Which format makes sense depends on the size of the team and how often it's used. A company with five employees doesn't need a web-based brand portal – but it does need a well-structured PDF that everyone can find and understand. The main difference from a full design system is depth: a style guide documents rules, a design system delivers ready-made, reusable components for digital products.
How a style guide is created: the process
Ideally, the style guide is created in parallel with logo development or as part of a rebranding project. It is not a downstream document, but part of the design work itself. Typical process:
- Define design fundamentals: Logo, colors, typography, and imagery are developed and defined.
- Testing applications: The design elements are applied to real-world uses — website, business card, stationery, social media template. Only the application shows whether the system works.
- Derive rules: Binding rules are derived from the applications and documented.
- Define prohibitions: What is explicitly not allowed is at least as important as what is allowed.
- Approval and handover: The guide is discussed with the company, approved, and delivered as a finished file.
In practice: who works with it
Real-world example: An engineering firm with 25 employees had a complete style guide created. The result: a 32-page PDF stored on the internal server. Since then, external service providers (print shop, photographer, web developer) receive the guide at first contact. Follow-up questions on design tasks dropped noticeably because everyone works from the same specifications. New marketing employees actively rely on it during their first weeks. The guide has proven itself as an internal communication tool – not just a rulebook.
Who works with it: marketing staff, external agencies and freelancers, print shops, the people responsible for social media, the sales team for presentations. In short: everyone who represents the brand in any form.
Frequently asked questions
What belongs in a style guide?
At minimum: logo (variants, clear space, don'ts), color palette (primary, secondary, and neutral colors with hex/RGB/CMYK values), typography (fonts, hierarchy, sizes), imagery (style, subjects, quality requirements), and tonality (language, form of address, forbidden words). More extensive guides add layout grids, iconography, and templates.
What is the difference between a style guide and a design system?
A style guide documents the ground rules of a brand's appearance – it's a rulebook. A design system goes further: it also contains finished, reusable components (e.g. button styles, card layouts, form elements) and is typically managed digitally and integrated directly into the development process.

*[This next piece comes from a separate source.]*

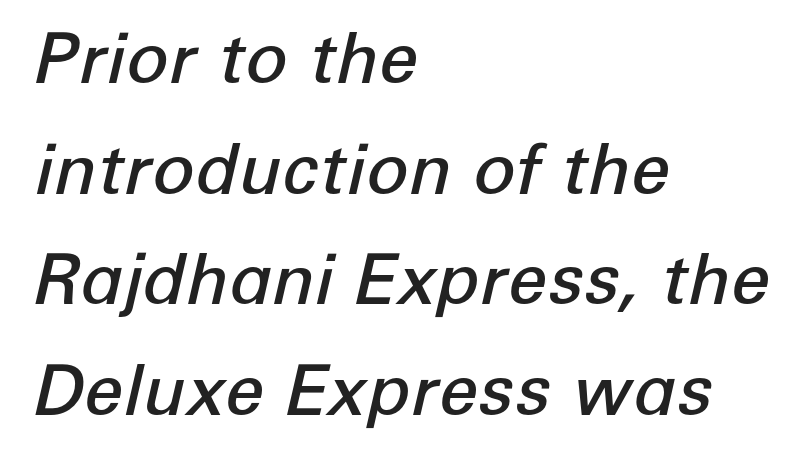
Compared with ordinary roman type, these characters are visibly tilted. How would I describe the line gaps? Plain and ordinary. Decoration check: the copy has no underline. Look at the tracking — it's just the regular setting, nothing added.

How extensive should a style guide be?
As comprehensive as necessary, as lean as possible. A style guide nobody reads because it's 200 pages long is worth less than a clear 20-page guide that gets used every day. For most SMEs, 20 to 50 pages are entirely sufficient.

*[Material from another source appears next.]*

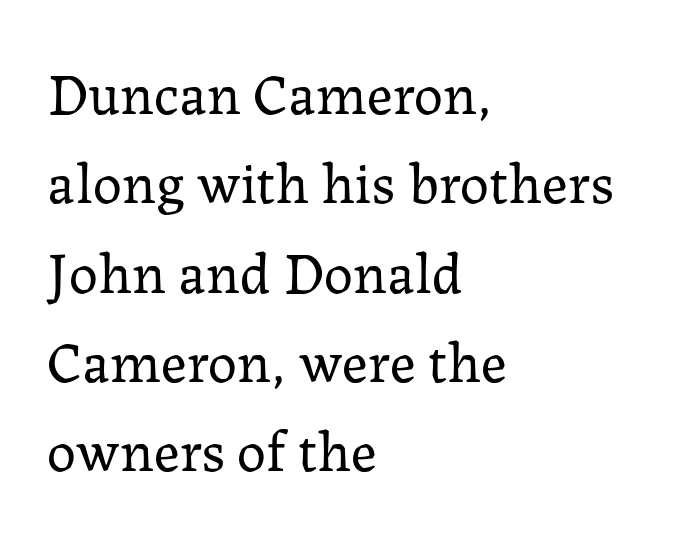
Does the leading feel generous? No, just average. The letters carry serifs — small finishing strokes at the ends of their stems. Is this a fixed-width face? No — the glyphs have proportional, varying widths. These lines were composed using upright roman letters. A clean baseline with only descenders dipping below it.

Who maintains the style guide?
Ideally, one responsible person in the company — often in marketing or management — who coordinates and communicates changes. In larger organizations, brand management takes on this role. What's important is that the guide is versioned and regularly checked for currency.

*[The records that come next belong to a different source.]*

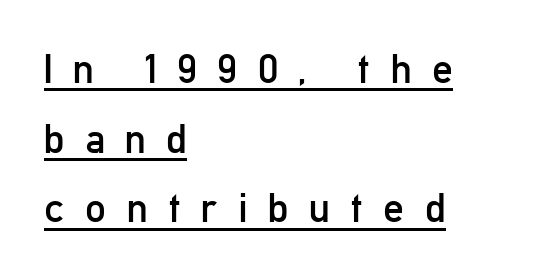
Q: Is the text bold? A: No.
Q: Is the text italic (slanted)? A: No, it is upright.
Q: Is the typeface a serif or a sans-serif typeface? A: Sans-serif.
Q: Is the text underlined? A: Yes.
Q: How is the paragraph aligned? A: Left-aligned.
Q: Is the spacing between letters normal or unusually wide? A: Unusually wide.
Q: Is the spacing between lines tight, normal or loose? A: Normal.
Q: Width (condensed, normal, or wide)? A: Condensed.
Q: Stroke contrast? A: Low.
Q: x-height? A: Medium.
Q: Monospaced? A: No.
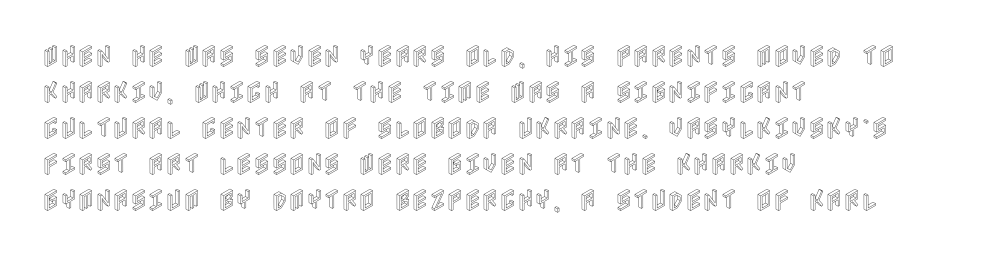
{"italic": "no", "underline": "no", "align": "left", "line_spacing": "normal", "line_spacing_ratio": 1.5, "letter_spacing": "normal", "letter_spacing_em": 0.0, "glyph_px": 24}

What does a style guide cost?
A solid style guide for an SME, created as part of a logo development or rebranding process, varies considerably depending on depth and scope. As a standalone project, it's in any case a sensible investment protecting all your previous brand work.
Can a style guide be extended later?
Yes, and that's explicitly recommended. Many companies start with a compact basic guide and expand it when new channels, products, or target groups are added. What matters is that extensions are documented and communicated.